=== Data for this exercise ===

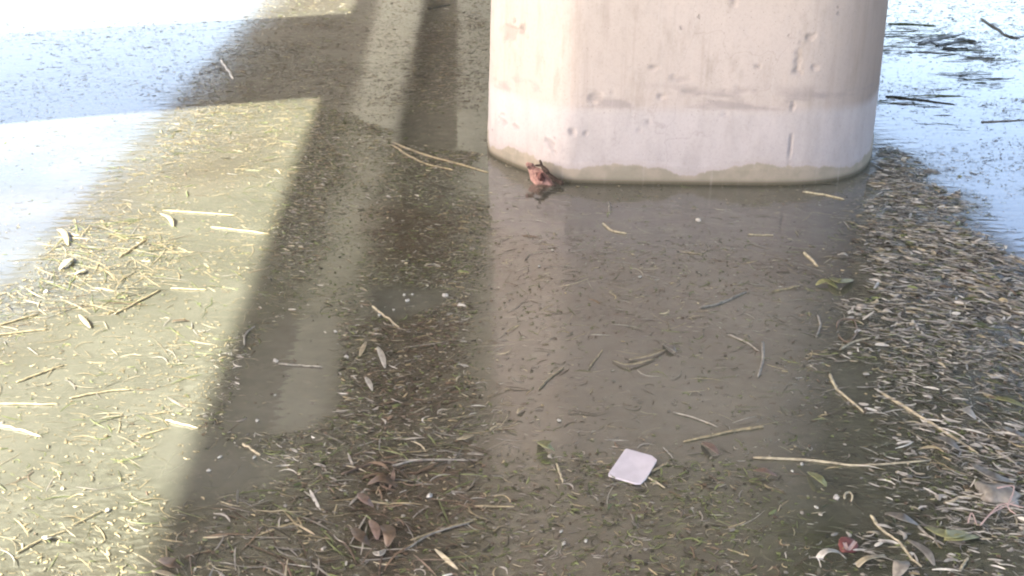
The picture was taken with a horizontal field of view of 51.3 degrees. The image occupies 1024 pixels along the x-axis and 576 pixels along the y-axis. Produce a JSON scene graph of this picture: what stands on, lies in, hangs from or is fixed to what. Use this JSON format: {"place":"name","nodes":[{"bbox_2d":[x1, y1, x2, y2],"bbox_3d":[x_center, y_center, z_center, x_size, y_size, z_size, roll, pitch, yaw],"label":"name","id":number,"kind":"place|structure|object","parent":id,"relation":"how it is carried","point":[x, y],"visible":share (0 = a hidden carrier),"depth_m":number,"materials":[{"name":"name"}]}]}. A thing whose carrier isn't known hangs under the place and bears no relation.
{"place":"outdoors","nodes":[
{"label":"outdoors","id":0,"kind":"place"},
{"bbox_2d":[0,0,1021,331],"bbox_3d":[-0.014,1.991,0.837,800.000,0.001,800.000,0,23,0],"label":"river bed","id":1,"kind":"object","parent":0,"point":[12,176],"depth_m":9.08,"materials":[{"name":"soil"}]},
{"bbox_2d":[487,0,887,206],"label":"bridge pier","id":2,"kind":"structure","parent":1,"relation":"on","point":[729,92],"depth_m":6.58,"materials":[{"name":"concrete"}]},
{"bbox_2d":[0,0,1023,575],"bbox_3d":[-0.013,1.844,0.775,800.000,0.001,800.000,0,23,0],"label":"water","id":3,"kind":"structure","parent":0,"point":[168,468],"depth_m":4.84,"materials":[{"name":"liquid"}]},
{"bbox_2d":[0,314,37,325],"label":"reed stalk","id":4,"kind":"object","parent":3,"relation":"on","point":[6,323],"visible":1,"depth_m":4.77,"materials":[{"name":"plant"}]},
{"bbox_2d":[0,424,41,436],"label":"reed stalk","id":5,"kind":"object","parent":3,"relation":"on","point":[16,429],"visible":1,"depth_m":3.89,"materials":[{"name":"plant"}]},
{"bbox_2d":[0,328,46,334],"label":"reed stalk","id":6,"kind":"object","parent":3,"relation":"on","point":[22,331],"visible":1,"depth_m":4.66,"materials":[{"name":"plant"}]},
{"bbox_2d":[0,403,58,404],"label":"reed stalk","id":7,"kind":"object","parent":3,"relation":"on","point":[28,404],"visible":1,"depth_m":4.07,"materials":[{"name":"plant"}]},
{"bbox_2d":[16,364,63,382],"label":"reed stalk","id":8,"kind":"object","parent":3,"relation":"on","point":[26,378],"visible":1,"depth_m":4.28,"materials":[{"name":"plant"}]},
{"bbox_2d":[16,530,66,553],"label":"reed stalk","id":9,"kind":"object","parent":3,"relation":"on","point":[21,550],"visible":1,"depth_m":3.26,"materials":[{"name":"plant"}]},
{"bbox_2d":[57,229,68,244],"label":"dead leaf","id":10,"kind":"object","parent":3,"relation":"on","point":[64,233],"visible":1,"depth_m":5.76,"materials":[{"name":"plant"}]},
{"bbox_2d":[59,258,73,268],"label":"dead leaf","id":11,"kind":"object","parent":3,"relation":"on","point":[64,263],"visible":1,"depth_m":5.38,"materials":[{"name":"plant"}]},
{"bbox_2d":[78,314,90,327],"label":"dead leaf","id":12,"kind":"object","parent":3,"relation":"on","point":[84,320],"visible":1,"depth_m":4.74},
{"bbox_2d":[72,511,100,525],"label":"reed stalk","id":13,"kind":"object","parent":3,"relation":"on","point":[85,518],"visible":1,"depth_m":3.38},
{"bbox_2d":[69,389,130,398],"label":"reed stalk","id":14,"kind":"object","parent":3,"relation":"on","point":[86,394],"visible":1,"depth_m":4.15,"materials":[{"name":"plant"}]},
{"bbox_2d":[120,239,146,256],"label":"reed stalk","id":15,"kind":"object","parent":3,"relation":"on","point":[128,251],"visible":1,"depth_m":5.59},
{"bbox_2d":[114,290,159,313],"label":"reed stalk","id":16,"kind":"object","parent":3,"relation":"on","point":[123,309],"visible":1,"depth_m":4.94,"materials":[{"name":"plant"}]},
{"bbox_2d":[0,99,323,575],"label":"floating litter","id":17,"kind":"object","parent":3,"relation":"on","point":[107,553],"visible":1,"depth_m":5.15,"materials":[{"name":"plant"}]},
{"bbox_2d":[152,570,175,575],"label":"dead leaf","id":18,"kind":"object","parent":3,"relation":"on","point":[165,573],"visible":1,"depth_m":3.12,"materials":[{"name":"plant"}]},
{"bbox_2d":[160,213,173,226],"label":"dead leaf","id":19,"kind":"object","parent":3,"relation":"on","point":[170,219],"visible":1,"depth_m":6.02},
{"bbox_2d":[158,557,180,568],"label":"dead leaf","id":20,"kind":"object","parent":3,"relation":"on","point":[169,561],"visible":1,"depth_m":3.15,"materials":[{"name":"plant"}]},
{"bbox_2d":[165,419,197,427],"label":"reed stalk","id":21,"kind":"object","parent":3,"relation":"on","point":[169,420],"visible":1,"depth_m":3.94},
{"bbox_2d":[171,287,206,289],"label":"reed stalk","id":22,"kind":"object","parent":3,"relation":"on","point":[188,289],"visible":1,"depth_m":5.11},
{"bbox_2d":[162,210,235,215],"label":"reed stalk","id":23,"kind":"object","parent":3,"relation":"on","point":[196,212],"visible":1,"depth_m":6.15,"materials":[{"name":"plant"}]},
{"bbox_2d":[220,59,233,78],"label":"reed stalk","id":24,"kind":"object","parent":3,"relation":"on","point":[226,67],"visible":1,"depth_m":9.96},
{"bbox_2d":[211,226,268,233],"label":"reed stalk","id":25,"kind":"object","parent":3,"relation":"on","point":[238,230],"visible":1,"depth_m":5.88,"materials":[{"name":"plant"}]},
{"bbox_2d":[243,326,254,344],"bbox_3d":[-1.149,0.207,4.629,0.030,0.012,0.183,0,23,0],"label":"root loop","id":26,"kind":"object","parent":3,"relation":"on","point":[246,333],"visible":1,"depth_m":4.63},
{"bbox_2d":[242,443,260,455],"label":"reed stalk","id":27,"kind":"object","parent":3,"relation":"on","point":[250,448],"visible":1,"depth_m":3.77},
{"bbox_2d":[278,363,322,366],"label":"reed stalk","id":28,"kind":"object","parent":3,"relation":"on","point":[288,364],"visible":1,"depth_m":4.38,"materials":[{"name":"plant"}]},
{"bbox_2d":[351,527,369,545],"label":"dead leaf","id":29,"kind":"object","parent":3,"relation":"on","point":[358,534],"visible":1,"depth_m":3.28,"materials":[{"name":"plant"}]},
{"bbox_2d":[359,342,366,355],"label":"dead leaf","id":30,"kind":"object","parent":3,"relation":"on","point":[362,348],"visible":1,"depth_m":4.50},
{"bbox_2d":[357,493,373,506],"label":"dead leaf","id":31,"kind":"object","parent":3,"relation":"on","point":[363,498],"visible":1,"depth_m":3.46,"materials":[{"name":"plant"}]},
{"bbox_2d":[341,461,396,474],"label":"reed stalk","id":32,"kind":"object","parent":3,"relation":"on","point":[357,468],"visible":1,"depth_m":3.68,"materials":[{"name":"plant"}]},
{"bbox_2d":[365,377,372,390],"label":"dead leaf","id":33,"kind":"object","parent":3,"relation":"on","point":[368,382],"visible":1,"depth_m":4.22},
{"bbox_2d":[369,520,380,539],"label":"dead leaf","id":34,"kind":"object","parent":3,"relation":"on","point":[375,528],"visible":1,"depth_m":3.32,"materials":[{"name":"plant"}]},
{"bbox_2d":[373,549,385,555],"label":"dead leaf","id":35,"kind":"object","parent":3,"relation":"on","point":[380,552],"visible":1,"depth_m":3.21,"materials":[{"name":"plant"}]},
{"bbox_2d":[377,347,385,367],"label":"dead leaf","id":36,"kind":"object","parent":3,"relation":"on","point":[381,354],"visible":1,"depth_m":4.43,"materials":[{"name":"plant"}]},
{"bbox_2d":[368,474,397,486],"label":"dead leaf","id":37,"kind":"object","parent":3,"relation":"on","point":[385,479],"visible":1,"depth_m":3.57,"materials":[{"name":"plant"}]},
{"bbox_2d":[372,305,398,326],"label":"reed stalk","id":38,"kind":"object","parent":3,"relation":"on","point":[380,312],"visible":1,"depth_m":4.84,"materials":[{"name":"plant"}]},
{"bbox_2d":[380,524,395,546],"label":"dead leaf","id":39,"kind":"object","parent":3,"relation":"on","point":[389,532],"visible":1,"depth_m":3.28,"materials":[{"name":"plant"}]},
{"bbox_2d":[389,469,394,487],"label":"dead leaf","id":40,"kind":"object","parent":3,"relation":"on","point":[393,475],"visible":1,"depth_m":3.61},
{"bbox_2d":[390,144,452,169],"bbox_3d":[-0.650,-0.887,7.253,0.074,0.016,0.788,-16,28,-34],"label":"reed stalk","id":41,"kind":"object","parent":3,"relation":"on","point":[419,160],"visible":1,"depth_m":7.17,"materials":[{"name":"plant"}]},
{"bbox_2d":[392,459,476,465],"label":"reed stalk","id":42,"kind":"object","parent":3,"relation":"on","point":[405,462],"visible":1,"depth_m":3.72,"materials":[{"name":"plant"}]},
{"bbox_2d":[405,523,468,549],"bbox_3d":[-0.237,0.767,3.321,0.236,0.007,0.026,-16,28,-33],"label":"reed stalk","id":43,"kind":"object","parent":3,"relation":"on","point":[419,540],"visible":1,"depth_m":3.32,"materials":[{"name":"plant"}]},
{"bbox_2d":[427,4,450,8],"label":"reed stalk","id":44,"kind":"object","parent":3,"relation":"on","point":[438,6],"visible":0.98,"depth_m":13.75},
{"bbox_2d":[392,142,487,172],"bbox_3d":[-0.520,-0.891,7.268,0.046,0.021,1.011,-20,30,-40],"label":"reed stalk","id":45,"kind":"object","parent":3,"relation":"on","point":[439,158],"visible":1,"depth_m":7.22,"materials":[{"name":"plant"}]},
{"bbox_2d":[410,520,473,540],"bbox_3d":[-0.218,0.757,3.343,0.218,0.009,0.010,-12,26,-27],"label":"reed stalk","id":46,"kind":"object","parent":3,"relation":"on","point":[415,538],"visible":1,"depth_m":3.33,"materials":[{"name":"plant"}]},
{"bbox_2d":[456,434,472,439],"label":"dead leaf","id":47,"kind":"object","parent":3,"relation":"on","point":[465,437],"visible":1,"depth_m":3.84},
{"bbox_2d":[0,4,973,302],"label":"sunken litter","id":48,"kind":"object","parent":3,"relation":"in","point":[150,34],"visible":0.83,"depth_m":9.81,"materials":[{"name":"plant"}]},
{"bbox_2d":[475,505,514,507],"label":"reed stalk","id":49,"kind":"object","parent":3,"relation":"on","point":[491,506],"visible":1,"depth_m":3.46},
{"bbox_2d":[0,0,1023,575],"bbox_3d":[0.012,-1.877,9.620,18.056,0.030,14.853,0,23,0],"label":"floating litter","id":50,"kind":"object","parent":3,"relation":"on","point":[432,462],"visible":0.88,"depth_m":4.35,"materials":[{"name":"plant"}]},
{"bbox_2d":[0,19,1023,575],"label":"algae flecks","id":51,"kind":"object","parent":3,"relation":"on","point":[506,353],"visible":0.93,"depth_m":4.33,"materials":[{"name":"plant"}]},
{"bbox_2d":[0,80,1023,575],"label":"algae threads","id":52,"kind":"object","parent":3,"relation":"on","point":[478,530],"visible":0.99,"depth_m":3.98,"materials":[{"name":"plant"}]},
{"bbox_2d":[525,160,563,186],"bbox_3d":[0.191,-0.715,6.701,0.280,0.162,0.109,19,29,38],"label":"torn rag","id":53,"kind":"object","parent":3,"relation":"on","point":[543,175],"visible":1,"depth_m":6.71,"materials":[{"name":"pink fabric"}]},
{"bbox_2d":[537,440,554,451],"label":"dead leaf","id":54,"kind":"object","parent":3,"relation":"on","point":[545,443],"visible":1,"depth_m":3.78,"materials":[{"name":"plant"}]},
{"bbox_2d":[538,367,563,389],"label":"reed stalk","id":55,"kind":"object","parent":3,"relation":"on","point":[544,383],"visible":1,"depth_m":4.29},
{"bbox_2d":[556,463,563,482],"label":"reed stalk","id":56,"kind":"object","parent":3,"relation":"on","point":[559,472],"visible":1,"depth_m":3.64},
{"bbox_2d":[589,349,602,368],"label":"reed stalk","id":57,"kind":"object","parent":3,"relation":"on","point":[592,363],"visible":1,"depth_m":4.44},
{"bbox_2d":[602,223,626,233],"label":"reed stalk","id":58,"kind":"object","parent":3,"relation":"on","point":[608,227],"visible":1,"depth_m":5.92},
{"bbox_2d":[608,449,656,484],"bbox_3d":[0.419,0.616,3.679,0.126,0.011,0.191,11,25,23],"label":"white card","id":59,"kind":"object","parent":3,"relation":"on","point":[633,467],"visible":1,"depth_m":3.67,"materials":[{"name":"paper"}]},
{"bbox_2d":[613,358,655,364],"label":"dead leaf","id":60,"kind":"object","parent":3,"relation":"on","point":[633,363],"visible":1,"depth_m":4.41,"materials":[{"name":"plant"}]},
{"bbox_2d":[629,349,666,359],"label":"dead leaf","id":61,"kind":"object","parent":3,"relation":"on","point":[648,355],"visible":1,"depth_m":4.47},
{"bbox_2d":[647,476,664,487],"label":"reed stalk","id":62,"kind":"object","parent":3,"relation":"on","point":[651,479],"visible":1,"depth_m":3.60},
{"bbox_2d":[651,462,667,471],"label":"reed stalk","id":63,"kind":"object","parent":3,"relation":"on","point":[660,467],"visible":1,"depth_m":3.68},
{"bbox_2d":[663,344,676,351],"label":"dead leaf","id":64,"kind":"object","parent":3,"relation":"on","point":[672,347],"visible":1,"depth_m":4.53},
{"bbox_2d":[673,412,716,426],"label":"reed stalk","id":65,"kind":"object","parent":3,"relation":"on","point":[694,417],"visible":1,"depth_m":4.00,"materials":[{"name":"plant"}]},
{"bbox_2d":[702,442,718,454],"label":"dead leaf","id":66,"kind":"object","parent":3,"relation":"on","point":[711,446],"visible":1,"depth_m":3.78,"materials":[{"name":"plant"}]},
{"bbox_2d":[699,291,746,307],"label":"reed stalk","id":67,"kind":"object","parent":3,"relation":"on","point":[715,304],"visible":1,"depth_m":5.00,"materials":[{"name":"plant"}]},
{"bbox_2d":[683,425,763,441],"bbox_3d":[0.773,0.531,3.901,0.332,0.014,0.019,-7,24,-18],"label":"reed stalk","id":68,"kind":"object","parent":3,"relation":"on","point":[733,430],"visible":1,"depth_m":3.90,"materials":[{"name":"plant"}]},
{"bbox_2d":[728,334,759,351],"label":"reed stalk","id":69,"kind":"object","parent":3,"relation":"on","point":[731,335],"visible":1,"depth_m":4.62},
{"bbox_2d":[748,233,772,235],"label":"reed stalk","id":70,"kind":"object","parent":3,"relation":"on","point":[761,234],"visible":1,"depth_m":5.87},
{"bbox_2d":[757,341,764,376],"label":"reed stalk","id":71,"kind":"object","parent":3,"relation":"on","point":[762,360],"visible":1,"depth_m":4.45,"materials":[{"name":"plant"}]},
{"bbox_2d":[753,468,776,475],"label":"dead leaf","id":72,"kind":"object","parent":3,"relation":"on","point":[764,470],"visible":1,"depth_m":3.64,"materials":[{"name":"plant"}]},
{"bbox_2d":[772,285,799,291],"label":"reed stalk","id":73,"kind":"object","parent":3,"relation":"on","point":[781,289],"visible":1,"depth_m":5.16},
{"bbox_2d":[803,251,817,266],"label":"reed stalk","id":74,"kind":"object","parent":3,"relation":"on","point":[809,257],"visible":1,"depth_m":5.54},
{"bbox_2d":[807,472,826,486],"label":"dead leaf","id":75,"kind":"object","parent":3,"relation":"on","point":[819,478],"visible":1,"depth_m":3.60,"materials":[{"name":"plant"}]},
{"bbox_2d":[816,315,820,336],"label":"reed stalk","id":76,"kind":"object","parent":3,"relation":"on","point":[819,325],"visible":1,"depth_m":4.77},
{"bbox_2d":[803,191,843,199],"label":"reed stalk","id":77,"kind":"object","parent":3,"relation":"on","point":[822,194],"visible":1,"depth_m":6.55,"materials":[{"name":"plant"}]},
{"bbox_2d":[816,279,837,287],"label":"dead leaf","id":78,"kind":"object","parent":3,"relation":"on","point":[821,281],"visible":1,"depth_m":5.21,"materials":[{"name":"plant"}]},
{"bbox_2d":[816,548,845,566],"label":"dead leaf","id":79,"kind":"object","parent":3,"relation":"on","point":[822,553],"visible":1,"depth_m":3.19,"materials":[{"name":"plant"}]},
{"bbox_2d":[828,277,852,282],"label":"dead leaf","id":80,"kind":"object","parent":3,"relation":"on","point":[839,280],"visible":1,"depth_m":5.23,"materials":[{"name":"plant"}]},
{"bbox_2d":[753,456,930,465],"bbox_3d":[1.157,0.607,3.724,0.621,0.012,0.046,1,23,1],"label":"reed stalk","id":81,"kind":"object","parent":3,"relation":"on","point":[809,460],"visible":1,"depth_m":3.73,"materials":[{"name":"plant"}]},
{"bbox_2d":[829,373,863,412],"bbox_3d":[1.302,0.411,4.195,0.032,0.014,0.319,-3,23,-7],"label":"reed stalk","id":82,"kind":"object","parent":3,"relation":"on","point":[841,392],"visible":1,"depth_m":4.18,"materials":[{"name":"plant"}]},
{"bbox_2d":[836,318,857,342],"bbox_3d":[1.483,0.185,4.724,0.094,0.015,0.265,7,24,15],"label":"root loop","id":83,"kind":"object","parent":3,"relation":"on","point":[837,324],"visible":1,"depth_m":4.75,"materials":[{"name":"plant"}]},
{"bbox_2d":[843,491,852,501],"bbox_3d":[1.113,0.686,3.526,0.031,0.013,0.059,9,24,20],"label":"root loop","id":84,"kind":"object","parent":3,"relation":"on","point":[844,496],"visible":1,"depth_m":3.52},
{"bbox_2d":[838,537,858,552],"bbox_3d":[1.032,0.786,3.268,0.061,0.030,0.108,6,24,14],"label":"wrapper scrap","id":85,"kind":"object","parent":3,"relation":"on","point":[848,544],"visible":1,"depth_m":3.27,"materials":[{"name":"plastic"}]},
{"bbox_2d":[839,337,870,349],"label":"reed stalk","id":86,"kind":"object","parent":3,"relation":"on","point":[848,344],"visible":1,"depth_m":4.62,"materials":[{"name":"plant"}]},
{"bbox_2d":[855,554,886,566],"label":"dead leaf","id":87,"kind":"object","parent":3,"relation":"on","point":[860,561],"visible":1,"depth_m":3.20,"materials":[{"name":"plant"}]},
{"bbox_2d":[870,514,898,541],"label":"reed stalk","id":88,"kind":"object","parent":3,"relation":"on","point":[882,529],"visible":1,"depth_m":3.36,"materials":[{"name":"plant"}]},
{"bbox_2d":[893,560,909,575],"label":"dead leaf","id":89,"kind":"object","parent":3,"relation":"on","point":[900,568],"visible":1,"depth_m":3.16,"materials":[{"name":"plant"}]},
{"bbox_2d":[885,512,918,525],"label":"dead leaf","id":90,"kind":"object","parent":3,"relation":"on","point":[902,516],"visible":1,"depth_m":3.39,"materials":[{"name":"plant"}]},
{"bbox_2d":[783,144,1023,575],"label":"floating litter","id":91,"kind":"object","parent":3,"relation":"on","point":[962,234],"visible":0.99,"depth_m":4.87,"materials":[{"name":"plant"}]},
{"bbox_2d":[898,540,921,566],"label":"reed stalk","id":92,"kind":"object","parent":3,"relation":"on","point":[907,552],"visible":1,"depth_m":3.25,"materials":[{"name":"plant"}]},
{"bbox_2d":[888,23,935,25],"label":"reed stalk","id":93,"kind":"object","parent":3,"relation":"on","point":[912,24],"visible":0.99,"depth_m":12.70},
{"bbox_2d":[885,95,954,104],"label":"reed stalk","id":94,"kind":"object","parent":3,"relation":"on","point":[901,97],"visible":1,"depth_m":8.97,"materials":[{"name":"plant"}]},
{"bbox_2d":[907,539,934,564],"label":"dead leaf","id":95,"kind":"object","parent":3,"relation":"on","point":[927,552],"visible":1,"depth_m":3.23,"materials":[{"name":"plant"}]},
{"bbox_2d":[880,392,977,453],"bbox_3d":[1.554,0.496,3.995,0.015,0.016,0.501,-9,25,-22],"label":"reed stalk","id":96,"kind":"object","parent":3,"relation":"on","point":[923,418],"visible":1,"depth_m":4.00,"materials":[{"name":"plant"}]},
{"bbox_2d":[918,526,943,544],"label":"reed stalk","id":97,"kind":"object","parent":3,"relation":"on","point":[925,532],"visible":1,"depth_m":3.33,"materials":[{"name":"plant"}]},
{"bbox_2d":[918,33,965,43],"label":"reed stalk","id":98,"kind":"object","parent":3,"relation":"on","point":[930,40],"visible":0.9,"depth_m":11.75,"materials":[{"name":"plant"}]},
{"bbox_2d":[925,526,967,537],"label":"dead leaf","id":99,"kind":"object","parent":3,"relation":"on","point":[947,533],"visible":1,"depth_m":3.31,"materials":[{"name":"plant"}]},
{"bbox_2d":[933,436,959,450],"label":"dead leaf","id":100,"kind":"object","parent":3,"relation":"on","point":[950,441],"visible":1,"depth_m":3.82,"materials":[{"name":"plant"}]},
{"bbox_2d":[943,47,965,48],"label":"reed stalk","id":101,"kind":"object","parent":3,"relation":"on","point":[953,48],"visible":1,"depth_m":11.22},
{"bbox_2d":[936,40,975,46],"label":"reed stalk","id":102,"kind":"object","parent":3,"relation":"on","point":[952,42],"visible":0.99,"depth_m":11.51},
{"bbox_2d":[944,533,978,540],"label":"dead leaf","id":103,"kind":"object","parent":3,"relation":"on","point":[968,536],"visible":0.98,"depth_m":3.30,"materials":[{"name":"plant"}]},
{"bbox_2d":[959,557,968,570],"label":"reed stalk","id":104,"kind":"object","parent":3,"relation":"on","point":[963,564],"visible":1,"depth_m":3.20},
{"bbox_2d":[957,408,976,418],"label":"dead leaf","id":105,"kind":"object","parent":3,"relation":"on","point":[969,411],"visible":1,"depth_m":4.02,"materials":[{"name":"plant"}]},
{"bbox_2d":[943,493,1023,503],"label":"reed stalk","id":106,"kind":"object","parent":3,"relation":"on","point":[958,498],"visible":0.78,"depth_m":3.52,"materials":[{"name":"plant"}]},
{"bbox_2d":[970,463,1013,482],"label":"dead leaf","id":107,"kind":"object","parent":3,"relation":"on","point":[988,473],"visible":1,"depth_m":3.62,"materials":[{"name":"plant"}]},
{"bbox_2d":[968,481,1023,525],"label":"plastic scrap","id":108,"kind":"object","parent":3,"relation":"on","point":[993,493],"visible":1,"depth_m":3.51,"materials":[{"name":"plastic"}]},
{"bbox_2d":[980,18,1023,37],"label":"reed stalk","id":109,"kind":"object","parent":3,"relation":"on","point":[994,27],"visible":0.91,"depth_m":12.32,"materials":[{"name":"plant"}]},
{"bbox_2d":[981,119,1023,121],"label":"reed stalk","id":110,"kind":"object","parent":3,"relation":"on","point":[1001,120],"visible":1,"depth_m":8.30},
{"bbox_2d":[986,396,1023,406],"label":"dead leaf","id":111,"kind":"object","parent":3,"relation":"on","point":[1009,400],"visible":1,"depth_m":4.12,"materials":[{"name":"plant"}]},
{"bbox_2d":[1002,426,1023,435],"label":"dead leaf","id":112,"kind":"object","parent":3,"relation":"on","point":[1012,431],"visible":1,"depth_m":3.89,"materials":[{"name":"plant"}]}
]}

===

What are the lines of the data above that include the string "outdoors"? Copy them.

* _Task response_:
{"place":"outdoors","nodes":[
{"label":"outdoors","id":0,"kind":"place"},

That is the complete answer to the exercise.